Has anyone had to replace their cluth lever?? My bike fell over in the garage and broke the end of it so I ordered a replacment from bikebandits.com. If you have replaced yours how difficult was it to do?? Should I leave this up to the Pro's?? :guns:
See brake/clutch lever replacement (http://www.gstwins.com/forum/viewtopic.php?t=3274) for the clutch lever I just installed on Friday.
The procedure is pretty easy. The hardest part is getting enough slack at the upper end of the clutch cable to pull the adjuster all the way out of the threads in the clutch perch. (I had to get extra slack by using the adjuster at the lower end of the cable.)
Once the cable is free, remove the screws for the safety switch and let the switch hang. Pull the old lever out, insert the new one, and "undo" the rest of the procedure steps, in reverse order.
Sweet thanks dude!!! :cheers: :cheers:
PS: Before installing the new lever, I applied a little grease:
1) To the pivot bolt (on the smooth part of the shaft, NOT THE THREADS!)
2) To the new lever, on any surface where I could tell that the old lever had contacted the perch in a sliding motion. (Look for the old grease, or for areas shiny from "scraping".)
Kerry,
This is so great! My wife (just learning on my GS) dropped it and curled back the clutch lever. (She received a small bruise on her leg for her efforts and she'll have a practical example to share at her MSF class in two weeks - she's not discouraged wtih this small mis-hap)
I was just getting ready to search this site to see how this might be fixed and...viola!
THANKS!! :)
My pleasure. "Pass it forward!" :thumb:
The cable adjuster on the perch, has a slot in it. You screw in the adjuster as far as you can while still lining up the slot with the slot on the perch.

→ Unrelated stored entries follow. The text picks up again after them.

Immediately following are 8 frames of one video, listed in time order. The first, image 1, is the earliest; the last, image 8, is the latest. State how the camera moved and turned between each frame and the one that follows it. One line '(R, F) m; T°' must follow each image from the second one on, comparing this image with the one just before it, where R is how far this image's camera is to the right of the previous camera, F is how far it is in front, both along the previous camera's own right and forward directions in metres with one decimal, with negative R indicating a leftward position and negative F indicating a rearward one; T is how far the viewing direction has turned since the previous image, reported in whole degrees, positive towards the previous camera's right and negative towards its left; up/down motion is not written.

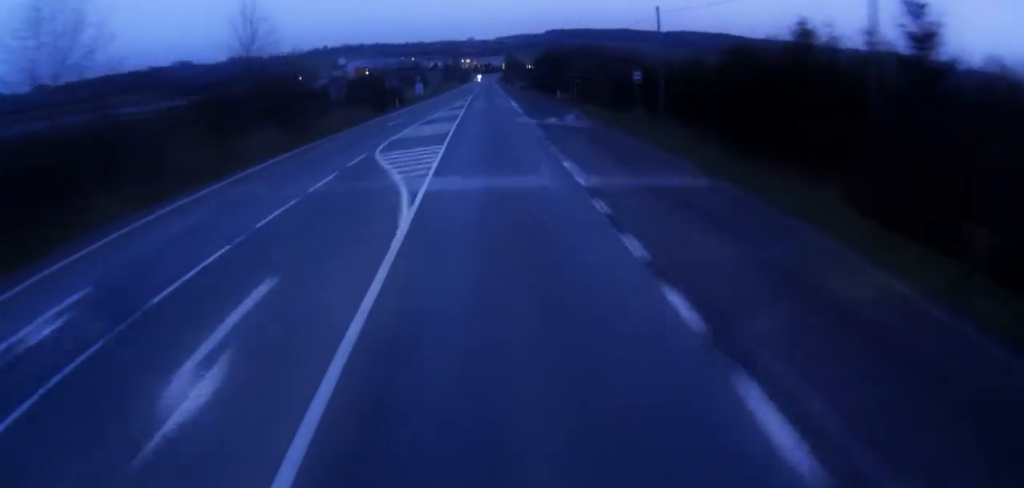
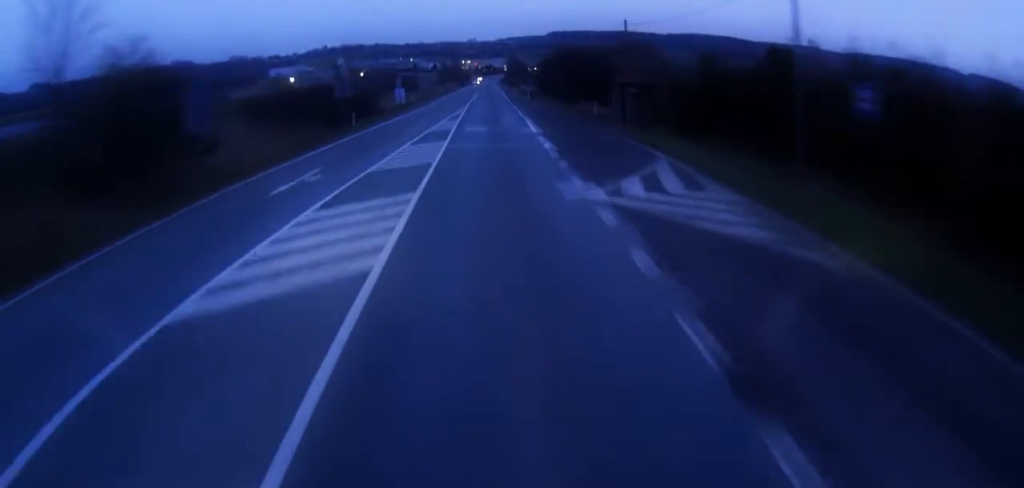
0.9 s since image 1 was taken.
(-0.2, +22.3) m; -1°
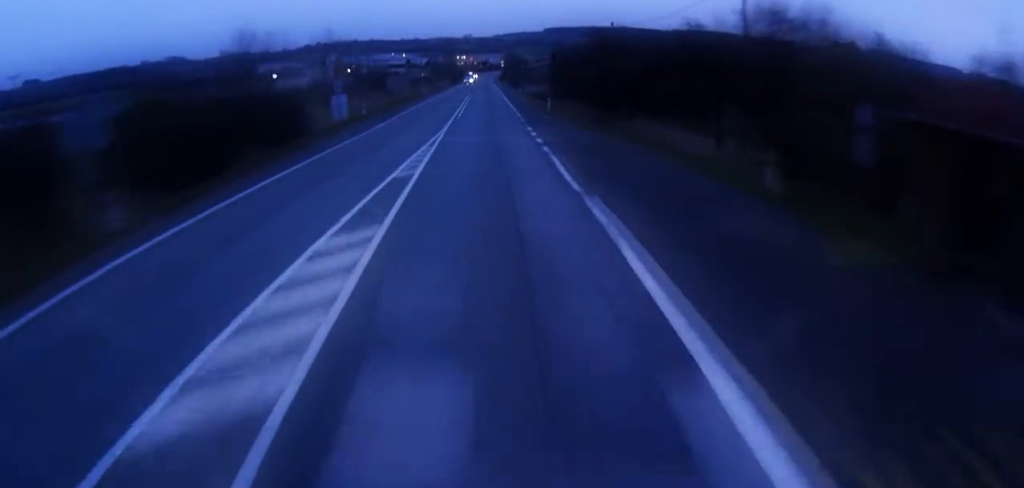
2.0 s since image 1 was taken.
(-0.3, +29.2) m; 0°
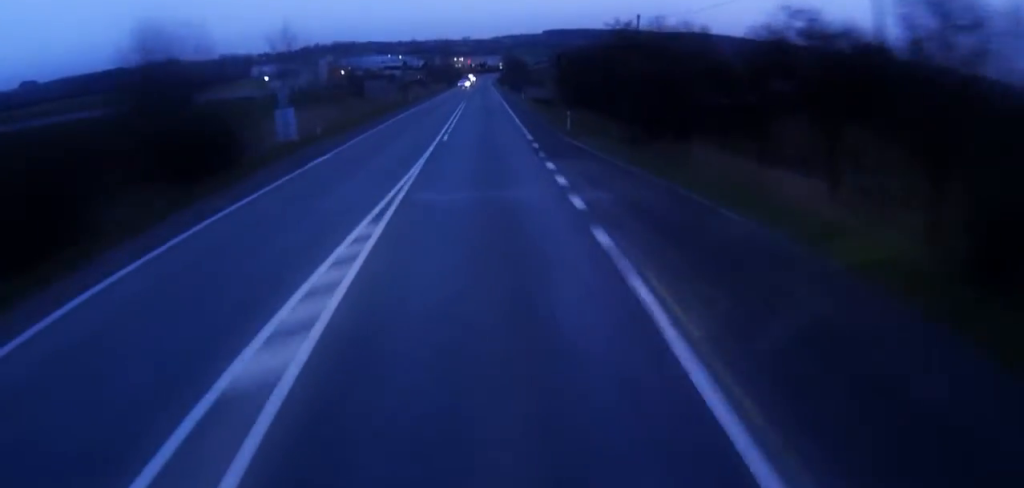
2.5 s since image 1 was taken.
(0.0, +12.1) m; 0°
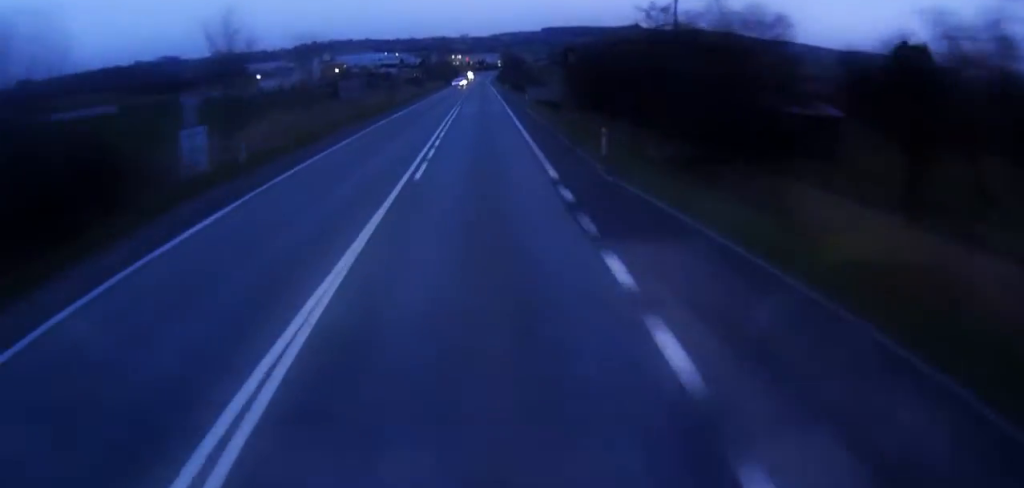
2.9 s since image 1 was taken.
(0.0, +11.3) m; 0°
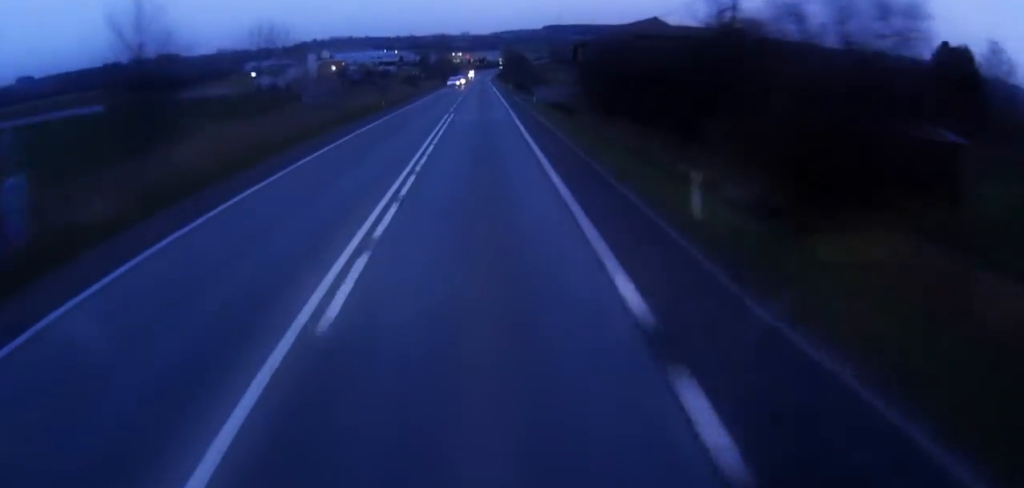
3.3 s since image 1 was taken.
(0.0, +10.4) m; 0°
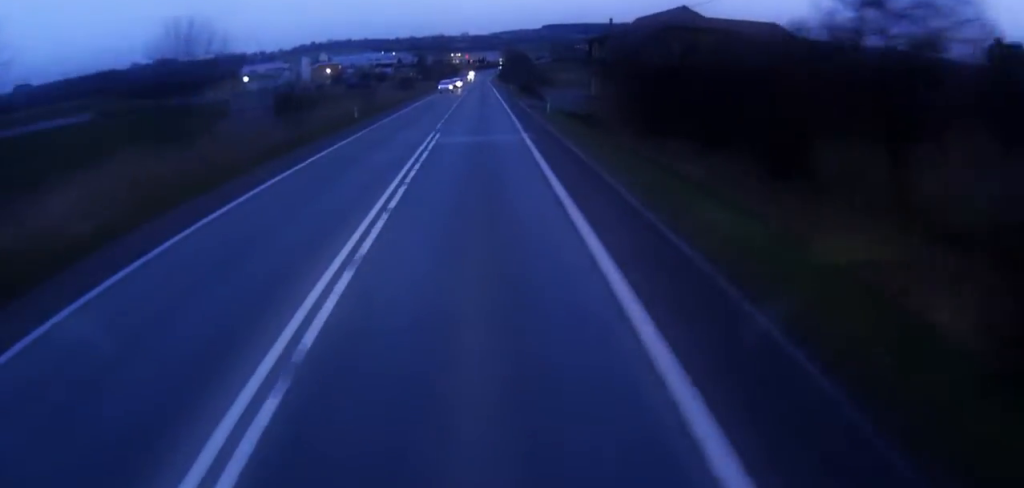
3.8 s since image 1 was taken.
(+0.1, +12.3) m; 0°
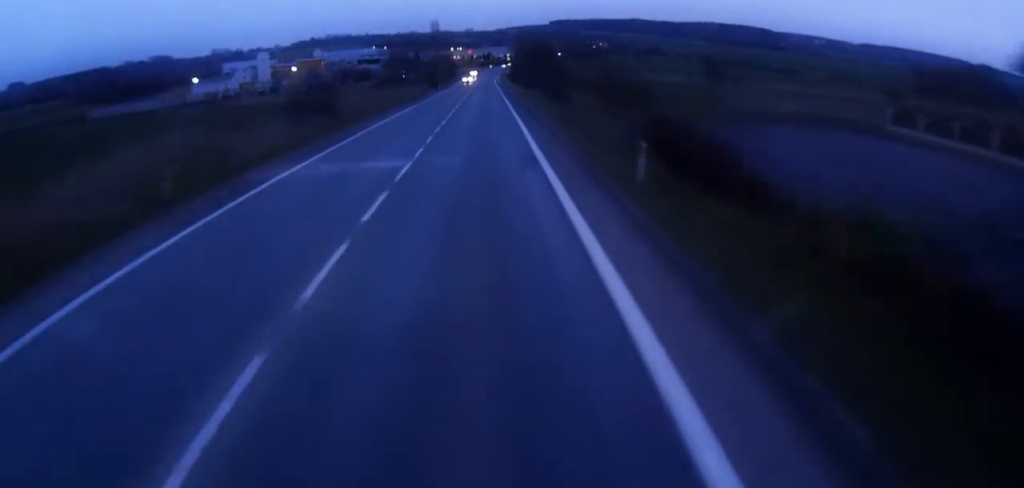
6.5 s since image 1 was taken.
(+0.9, +72.1) m; +2°

Then you pull in the clutch lever. Grab the cable and pull out as you release the lever. You should be able pull the cable out of the slot. Then you can remove the cable from the lever.
You may have to back off the adjuster at the engine case to give you more slack. But you don't need to remove the adjuster from the perch. Just screw it into the perch for more slack.
Aha! So I wasn't crazy when I posted pictures of removing the clutch cable last September (in the thread Progrip question (http://www.gstwins.com/forum/viewtopic.php?t=4306)). I could have sworn that I had done it that way, but when I took the pictures I must not have had as much slack (and was too lazy to use the lower adjuster).
Speaking of clutch cables: The original is a complete assembly with pressed-on endpieces and the complete duct.
My clutch cable has a broken strand from a , uh, event, and I want to replace it.
Anyone have experience with cables and clamp-on endpieces?
How do those wear?
Any problems with endpieces coming loose?
I would not trust clamp on end pieces on a clutch. Replace it with a one with factory ends. If they break off, then you have no clutch. When they will fail is while you are using the clutch. Just think of the consiquences when the clutch completely engages unexpectedly. I have found spare cable assemblies at the salvage yards for about $10.